# Lampe-Stoudemire practice altercation



## conkeso (Sep 7, 2003)

> Recent flareup at Suns practice started when Stoudemire and rookie Maciej Lampe went face-to-face and ended with Stoudemire taking an open-handed swipe at Lampe and connecting to the ex-Knick's face. "Amare's crazy," noted one teammate. Lampe, meanwhile, scored points with teammates for not backing down.


 :naughty:


----------



## RoddneyThaRippa (Jun 28, 2003)

Amare tried to slap Lampe? So much for that killer instinct of his. 

BigAmare, holla...


----------



## Arclite (Nov 2, 2002)

Well, aside from the the fact that the only place this is coming from is the NY media, who cares if he did? Maybe Lampe was playing dirty, or maybe his bacne was getting to Amare.. Amare has been known to have a mean streak and it isn't like he punched him in the face.. he probably just slapped him to let him know he wasn't going to take any crap.

Happens sometimes.. just ask Zach Randolph..


----------



## MightyReds2020 (Jul 19, 2002)

This came from NY media?

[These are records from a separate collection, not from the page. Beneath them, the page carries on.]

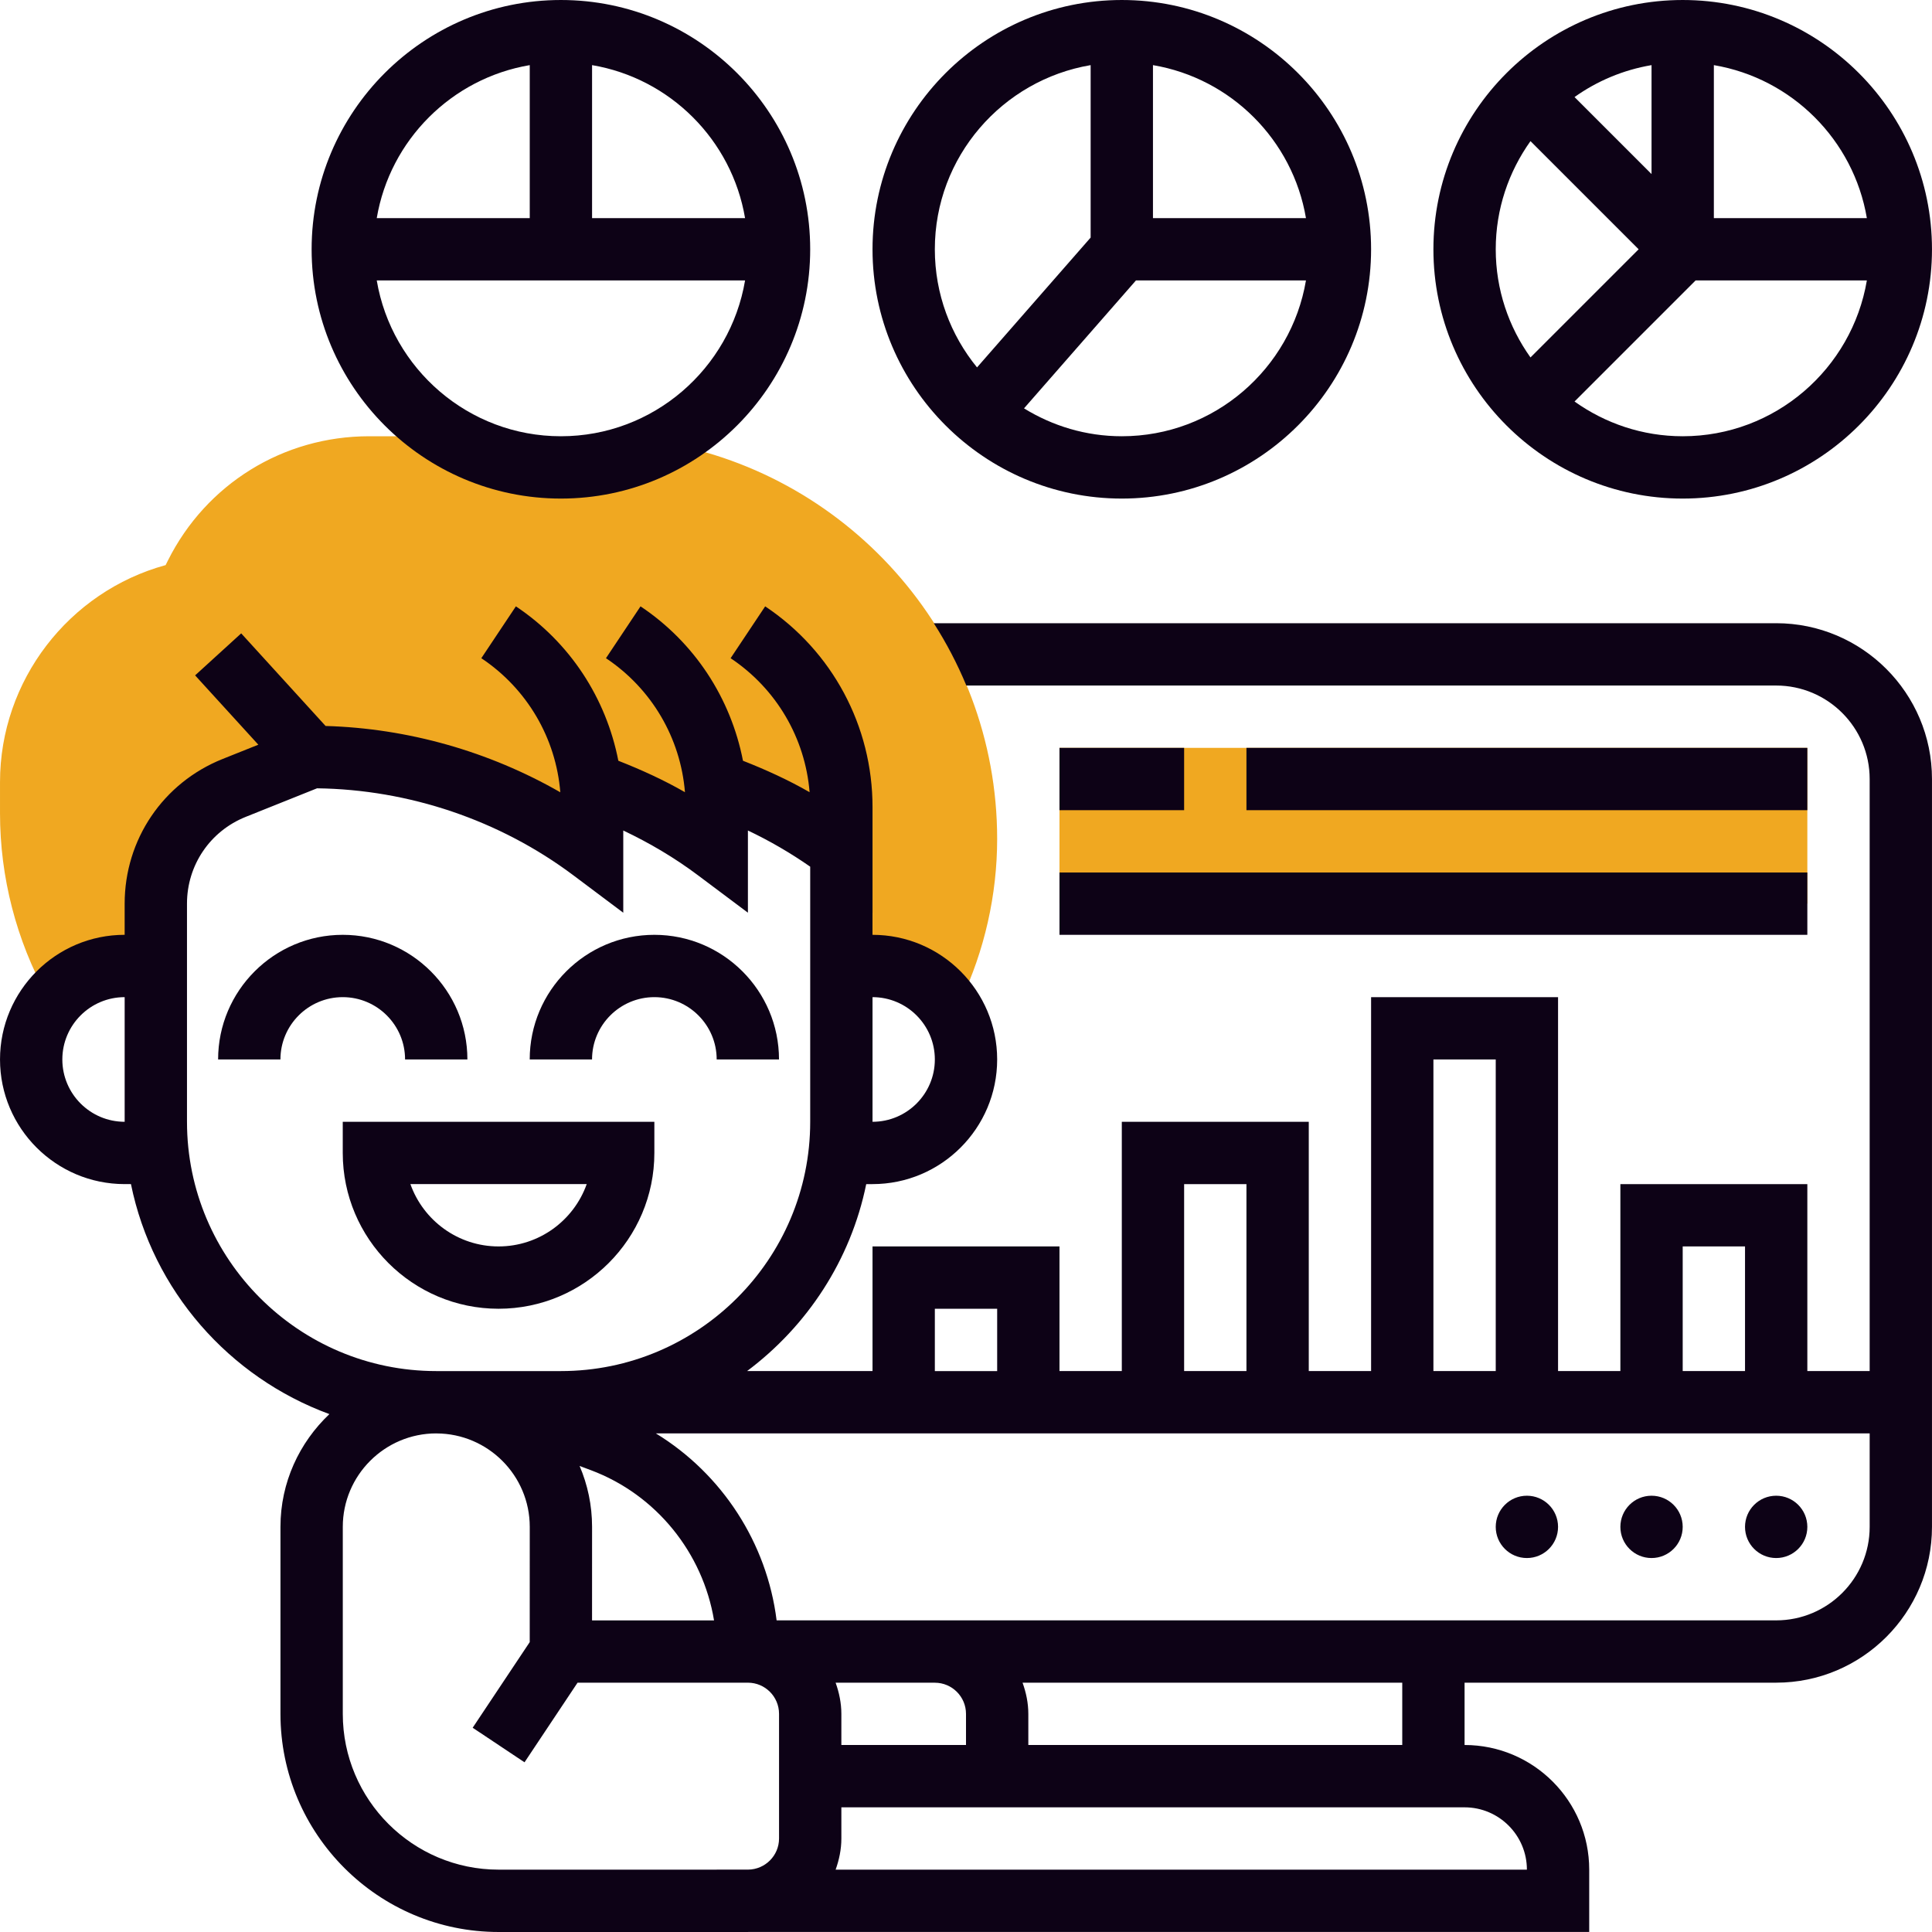 <?xml version="1.0" encoding="UTF-8"?>
<svg xmlns="http://www.w3.org/2000/svg" xmlns:xlink="http://www.w3.org/1999/xlink" xmlns:svgjs="http://svgjs.com/svgjs" version="1.1" width="512" height="512" x="0" y="0" viewBox="0 0 62 62.001" style="enable-background:new 0 0 512 512" xml:space="preserve" class="">
  <g>
    <g xmlns="http://www.w3.org/2000/svg">
      <g>
        <path d="m34 24h24v5h-24z" fill="#f0a821" data-original="#f0bc5e" style="" class=""/>
      </g>
      <g>
        <path d="m21.249 14.197c-.972.511-2.076.803-3.249.803-1.315 0-2.541-.369-3.592-1h-2.564c-2.752 0-5.226 1.529-6.457 3.99l-.072.145c-3.108.851-5.315 3.703-5.315 6.964v1.005c0 2.042.522 4.066 1.51 5.853l.122.221c.548-.712 1.4-1.178 2.368-1.178h1v-2c0-1.636.996-3.107 2.515-3.714l2.485-.994c3.246 0 6.404 1.053 9 3v-1.394c0-.257-.015-.511-.043-.763 1.441.505 2.806 1.229 4.043 2.157v-1.394c0-.257-.015-.511-.043-.763 1.441.505 2.806 1.229 4.043 2.157v3.708h1c1.133 0 2.107.635 2.617 1.562l.208-.435c.769-1.615 1.175-3.414 1.175-5.203 0-6.384-4.658-11.688-10.751-12.727z" fill="#f0a821" data-original="#f0bc5e" style="" class=""/>
      </g>
      <g>
        <path d="m20.999 37v-1h-10v1c0 2.757 2.243 5 5 5s5-2.243 5-5zm-5 3c-1.304 0-2.416-.836-2.829-2h5.658c-.413 1.164-1.525 2-2.829 2z" fill="#0d0216" data-original="#000000" style="" class=""/>
        <path d="m12.999 34h2c0-2.206-1.794-4-4-4s-4 1.794-4 4h2c0-1.103.897-2 2-2s2 .897 2 2z" fill="#0d0216" data-original="#000000" style="" class=""/>
        <path d="m20.999 32c1.103 0 2 .897 2 2h2c0-2.206-1.794-4-4-4s-4 1.794-4 4h2c0-1.103.897-2 2-2z" fill="#0d0216" data-original="#000000" style="" class=""/>
        <circle cx="57" cy="49" r="1" fill="#0d0216" data-original="#000000" style="" class=""/>
        <circle cx="53" cy="49" r="1" fill="#0d0216" data-original="#000000" style="" class=""/>
        <circle cx="49" cy="49" r="1" fill="#0d0216" data-original="#000000" style="" class=""/>
        <path d="m34 24h4v2h-4z" fill="#0d0216" data-original="#000000" style="" class=""/>
        <path d="m40 24h18v2h-18z" fill="#0d0216" data-original="#000000" style="" class=""/>
        <path d="m34 28h24v2h-24z" fill="#0d0216" data-original="#000000" style="" class=""/>
        <path d="m36 16c4.411 0 8-3.589 8-8s-3.589-8-8-8-8 3.589-8 8 3.589 8 8 8zm0-2c-1.151 0-2.223-.331-3.138-.895l3.592-4.105h5.456c-.479 2.833-2.943 5-5.91 5zm5.91-7h-4.91v-4.91c2.507.424 4.486 2.403 4.91 4.91zm-6.91-4.91v5.534l-3.646 4.167c-.845-1.035-1.354-2.354-1.354-3.791 0-2.967 2.167-5.431 5-5.91z" fill="#0d0216" data-original="#000000" style="" class=""/>
        <path d="m54 16c4.411 0 8-3.589 8-8s-3.589-8-8-8-8 3.589-8 8 3.589 8 8 8zm0-2c-1.294 0-2.49-.416-3.471-1.115l3.885-3.885h5.496c-.479 2.833-2.943 5-5.91 5zm-1-8.414-2.471-2.471c.722-.515 1.562-.871 2.471-1.025zm6.91 1.414h-4.91v-4.91c2.507.424 4.486 2.403 4.91 4.91zm-10.795-2.471 3.471 3.471-3.471 3.471c-.699-.981-1.115-2.177-1.115-3.471s.416-2.49 1.115-3.471z" fill="#0d0216" data-original="#000000" style="" class=""/>
        <path d="m57 20h-27.034c.404.632.754 1.3 1.045 2h25.989c1.654 0 3 1.346 3 3v19h-2v-6h-6v6h-2v-12h-6v12h-2v-8h-6v8h-2v-4h-6v4h-4.026c1.928-1.443 3.326-3.557 3.824-6h.202c2.206 0 4-1.794 4-4s-1.794-4-4-4h-.001v-.71l.001.001v-3.394c0-2.593-1.288-5-3.445-6.438l-1.109 1.664c1.468.979 2.393 2.561 2.535 4.3-.684-.393-1.402-.72-2.138-1.009-.391-2.006-1.551-3.796-3.288-4.955l-1.109 1.664c1.468.979 2.393 2.561 2.535 4.3-.684-.393-1.402-.72-2.138-1.009-.391-2.006-1.551-3.796-3.288-4.955l-1.109 1.664c1.468.979 2.394 2.563 2.535 4.303-2.287-1.312-4.894-2.053-7.533-2.128l-2.708-2.972-1.479 1.348 2.029 2.225-1.146.458c-1.911.764-3.144 2.586-3.144 4.643v1c-2.206 0-4 1.794-4 4s1.794 4 4 4h.202c.697 3.42 3.15 6.2 6.368 7.381-.962.912-1.57 2.192-1.57 3.619v6.001c0 3.859 3.14 7 7 7h8c.005 0 .01-.001.014-.001h26.986v-2c0-2.206-1.794-4-4-4v-2h10c2.757 0 5-2.243 5-5v-24c0-2.757-2.243-5-5-5zm-55 14c0-1.103.897-2 2-2v4c-1.103 0-2-.897-2-2zm52 6h2v4h-2zm-8-6h2v10h-2zm-8 4h2v6h-2zm-8 4h2v2h-2zm1 14h-4v-.999c0-.352-.072-.685-.184-1h3.184c.552 0 1 .449 1 1zm-12.4-8.955.366.137c2.095.786 3.59 2.654 3.948 4.819h-3.915l.001-3.001c0-.693-.143-1.354-.4-1.955zm9.4-15.045c1.103 0 2 .897 2 2s-.897 2-2 2zm-22 4v-7c0-1.234.74-2.327 1.886-2.786l2.288-.916c2.95.038 5.865 1.022 8.227 2.793l1.6 1.2v-2.639c.843.4 1.65.876 2.4 1.439l1.6 1.199v-2.638c.697.331 1.364.719 1.999 1.161v8.187c0 4.412-3.589 8-8.001 8h-.999-3c-4.411 0-8-3.588-8-8zm5 19.001v-6.001c0-1.654 1.346-3 3-3v.001h.014c1.648.009 2.986 1.35 2.986 2.999l-.001 3.698-1.831 2.748 1.664 1.109 1.702-2.555h5.466.002c.551.001.998.449.998 1v4c0 .549-.445.994-.993.999h-1.007v.001h-7c-2.757 0-5-2.242-5-4.999zm38 4.999h-22.184c.112-.314.184-.647.184-.999v-1.001h20c1.103 0 2 .897 2 2zm-4-4h-12v-.998c0-.353-.072-.687-.185-1.002h12.185zm12-4h-32.078c-.31-2.487-1.751-4.7-3.875-6h38.953v3c0 1.654-1.346 3-3 3z" fill="#0d0216" data-original="#000000" style="" class=""/>
        <path d="m18 16c4.411 0 8-3.589 8-8s-3.589-8-8-8-8 3.589-8 8 3.589 8 8 8zm0-2c-2.967 0-5.431-2.167-5.91-5h11.82c-.479 2.833-2.943 5-5.91 5zm5.91-7h-4.91v-4.91c2.507.424 4.486 2.403 4.91 4.91zm-6.91-4.91v4.91h-4.91c.424-2.507 2.403-4.486 4.91-4.91z" fill="#0d0216" data-original="#000000" style="" class=""/>
      </g>
    </g>
  </g>
</svg>

OK, probably was when Amare felt some body contact while practising, waived his hands a little too wide too strong, accidentally slapped it on Lampe's upper shoulder...

When reading the NY posts, I usually scaled down the 'damages' to 5 levels below.


----------



## Petey (Aug 23, 2002)

Time to trade Amare... think of what Lampe could be, don't want to hinder his development.  

-Petey


----------



## Amareca (Oct 21, 2002)

Since when is NY media attending Suns practices?

Even if it happened. Happens all the time if teams practice with some fire.

Amare slapped Gasol in the face in the last Suns-Grizz game when Gasol held the ball up when he was facing up and Amare went over to him immediately to see if he is right.

And on Sunday during the celebrity game Amare and Lampe were joking around together.
During the game against the Spurs Amare gave Lampe some kind words when he shot an airball.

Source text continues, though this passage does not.